The process flow of the fault information reception process S1 will be described with reference to the flowchart shown in FIG. First, regarding the alarm information received from the alarm information storage unit 48 or the failure notification notified from the user, the reception information management unit 31 assigns a countermeasure ID for the work to be generated and takes countermeasure work as trigger information. It is registered in the recording information storage unit 46 (S101), and it is determined whether the trigger information is an alarm notification or a report from the user (S102).

If the trigger information is an alarm notification, the reception information management unit 31 refers to the alarm data storage unit, and selects the diagnosis DecisionTree corresponding to the alarm ID as the corresponding countermeasure in the countermeasure work information storage unit 35. The ID is registered (S103). If the trigger information is a report from the user, the result of selecting the diagnostic fault tree corresponding to the report keyword is registered in the countermeasure work information storage unit 35 (S104).

In the conventional optimal work calculation process S2, when the diagnosis process is performed using the diagnosis DecisionTree, the diagnosis process starts from the diagnosis work of the highest hierarchy until the process reaches the action of recovering the failure by following the diagnosis DecisionTree.

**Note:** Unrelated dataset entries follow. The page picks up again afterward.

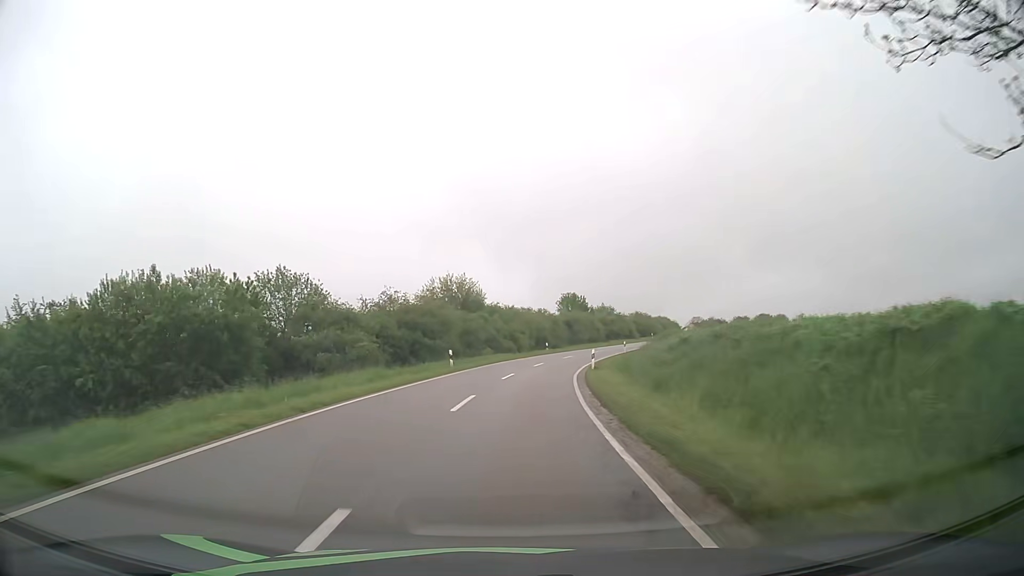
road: tertiary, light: Day
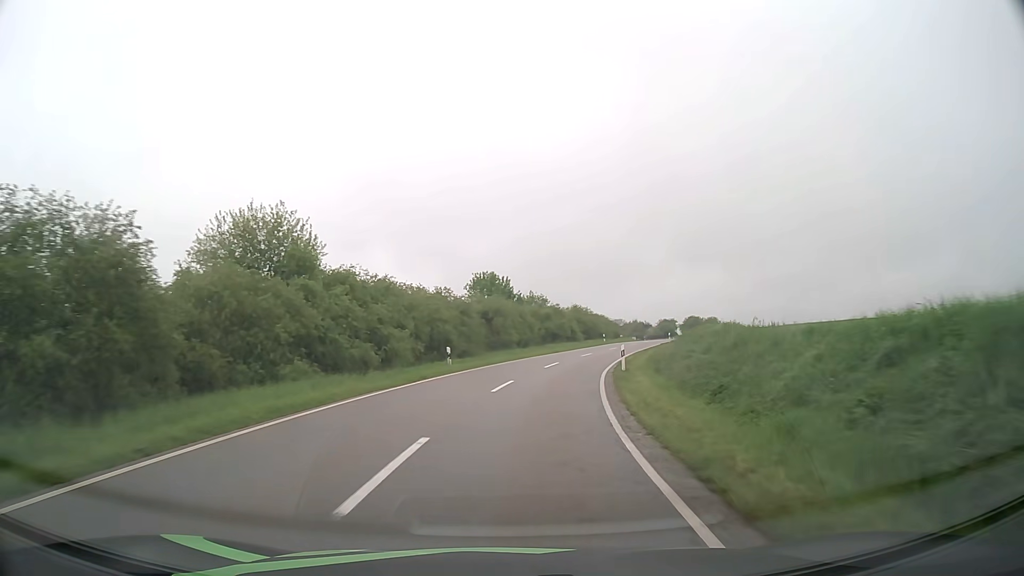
(+1.8, +32.4) m; +8°
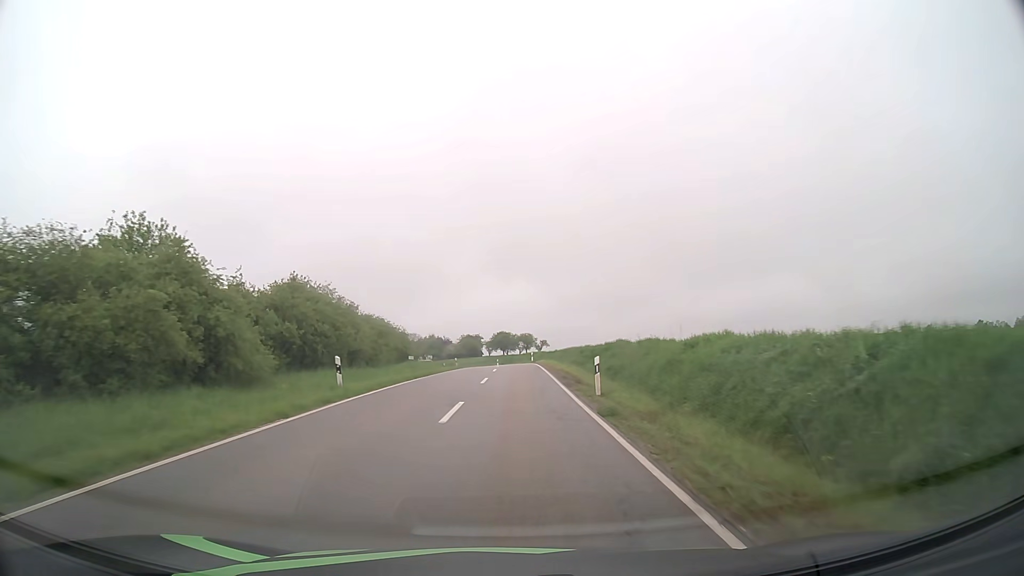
(+8.9, +52.7) m; +18°
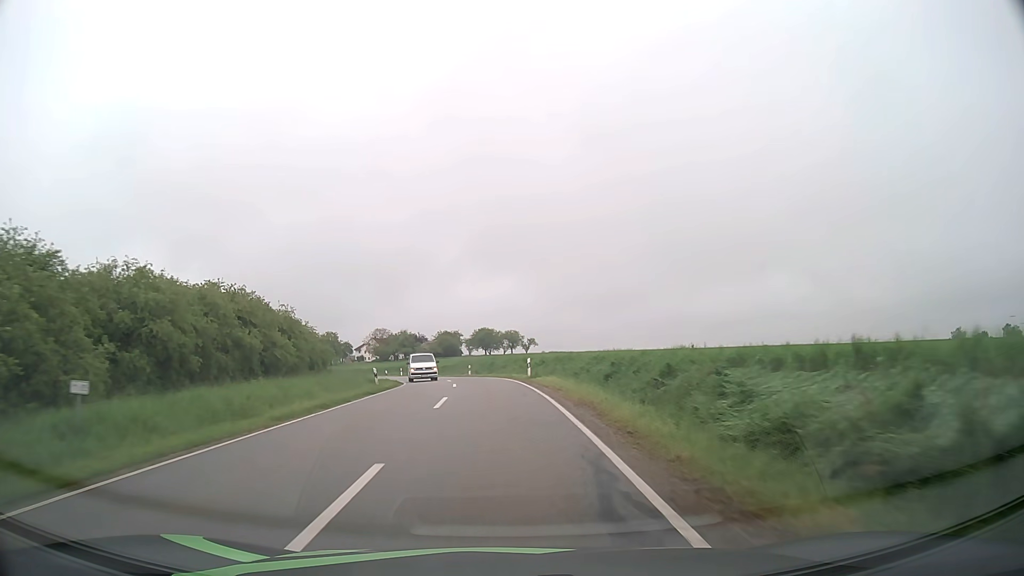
(+0.6, +32.2) m; +1°
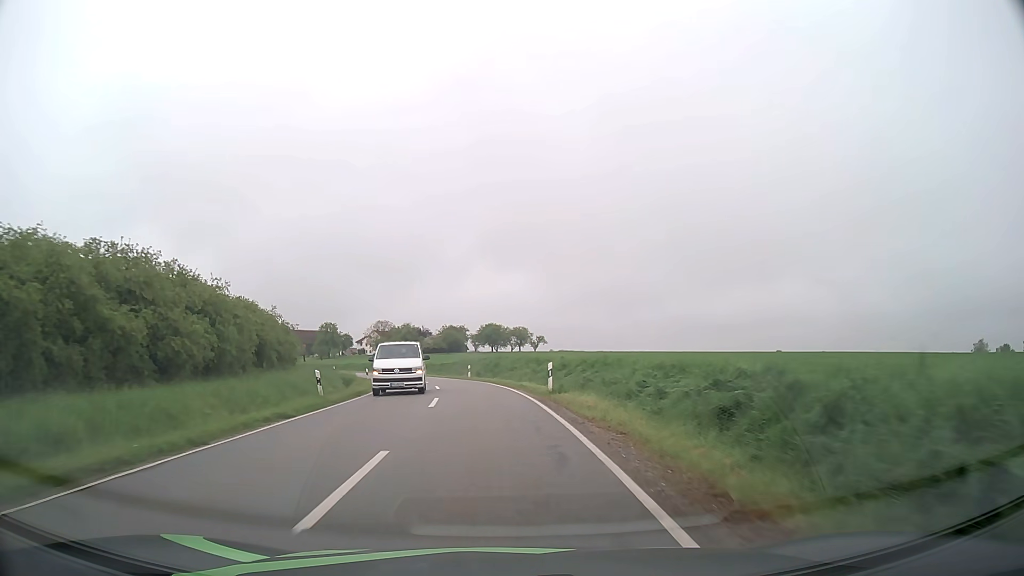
(-0.1, +10.8) m; -1°

In order to solve a problem that requires time, that is, a cost, it is for finding a place where the diagnosis process is started from the diagnosis work / treatment work that can be regarded as optimum.

Therefore, in the optimum work calculation process S2, the basic constituent blocks such as the diagnostic work and the treatment work constituting the diagnosis DecisionTree are combined and attention is paid to the basic constituent blocks as shown in FIG. The basic configuration block is composed of three operations, one diagnosis operation (Yes-or-No two-branch determination process) and two treatment operations in the lowest layer of the diagnosis DecisionTree and the hierarchy immediately above it. The three tasks are represented by the symbol D for the upper level diagnosis task, the task Y for the lower layer AY, and the task No for the lower layer AN. Then, one basic component block is regarded as one representative treatment operation, and a higher-level basic component block that is hung from the diagnosis operation of the next higher hierarchy is recursively configured. Then, a basic configuration block is configured that is hierarchized up to the basic configuration block including the highest level diagnosis work.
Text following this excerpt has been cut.